息つく暇もないほどの勢いで饒舌にまくし立てる藍は、一人劇場のように両手を空に上げて嘆きだした。

「きっとカッコよかったに違いない……きっとそう。金髪ピアスの今西くんに意味もなく絡んできた他校のヤンキーどもを、パーンと回し蹴りで一発KOさせて、傷ひとつ負わずに相手を逃げさせたのよ、きっとそう! はああ……見たかったのに……一緒に班行動さえしていれば!」
「中司のそれ、朝も聞いたよな」
「うん」

呆れてため息をつくクラスメイトの隣で、勝行は唖然としながら藍のジェスチャー付き一人劇場を眺めていた。根も葉もないうわさ話をさらにとんでもない大きなネタにしているのって、もしかして。

「今西くん!」
「――あ?」
「今日は悪い奴に絡まれたら、私も助太刀するからねっ」
「……はあ?」
「確かに、中司の方がなんか強そうじゃね」
「言えてる。むしろ今西の相手するんなら、中司くらいのヤクザ好きじゃないと無理だろ」
「中司さんって……いつもあんな、なの?」
「そういえば相羽知らねえんだっけ? いつもあーだよ。今西光の喧嘩伝説なら、あいつがすぐ語り出すぜ」
「なんかあいつの兄貴もヤベエ奴だから」
「俺知ってる、去年まで居たとんでもないヤンキーな。停学なんべんも食らってたし」

怖い怖い。
そう言いながら生徒たちは逃げるように立ち去っていく。

(なんだよ……噂の諸悪の根源、中司さんだったのかよ……!)

まさかの展開に、勝行はがっくり首を垂らした。これではどんなに誤解を解こうと躍起になっても空回りして当たり前だ。

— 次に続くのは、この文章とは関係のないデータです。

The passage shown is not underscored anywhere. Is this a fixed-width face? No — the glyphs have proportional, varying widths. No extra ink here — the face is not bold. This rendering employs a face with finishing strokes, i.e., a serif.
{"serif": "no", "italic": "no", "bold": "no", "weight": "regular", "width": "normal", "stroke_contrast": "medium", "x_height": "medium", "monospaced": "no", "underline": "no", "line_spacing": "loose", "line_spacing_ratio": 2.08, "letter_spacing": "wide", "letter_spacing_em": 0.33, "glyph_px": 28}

「ねえ相羽くんは昨日のバトル現場、みてないの? 途中までは一緒にいたんでしょ」
「あ……ああ、いや……」

見てないよ、と無意識に苦笑いする。

「ただの噂だろ。俺は、喘息の発作出て病院に行ってたって聞いた」
「えっ、喘息⁉ 大丈夫なの?」

今度は大げさなぐらい光の身体をゆすって確かめる藍に、光が悲鳴を上げた。

「やめっ、もう離せ! てめえらだけで勝手に行ってこいよ。俺は行かねえ」
「そういうわけにはいかないよ。……もしかして、まだ体調よくないのか?」
「ちがうけど、俺はここで寝てる。センセーもそれでいいって言った。心配しなくても、俺をほっといても誰も怒らねえし、お前らのせいじゃねえ」
「……先生が?」

勝行は首を傾げつつ、昨日のいざこざでも突き放されたことを思い出して思わず口を噤んだ。

「つか、お化けが出るとこなんざ死んでもいかねえ」
「え。お化け屋敷、嫌い?」
「うるせえ!」

突如ドスの効いた低音で呟く一言が思いのほか可愛くて、思わず肩をすくめた。

「じゃあここで待っててくれる? 中司さんの回りたいものに行ってきたら、戻ってくるよ。昼ご飯は一緒に食べるし、場所わからないだろ」
「……ああ。飯の時は迎えに来て」
「わかったよ」

そう答えるや否や、光は本当にベンチに寝転がって寝息を立て始めた。二人は思わず顔を見合わせるが、先生が許しているのならそうするしかなさそうだ。
迎えに来てと言ってもらえるようになっただけ、まだマシだろう。
諦めた藍が早速園内マップを広げながら、行こう行こうと進み出した。勝行は後ろ髪を引かれる思いで振り返りつつも、後を追いかけるように歩き始めた。

だがその後ろから聞こえてきた声に、勝行は一度振り返った。
気のせいだったかもしれない。けれど。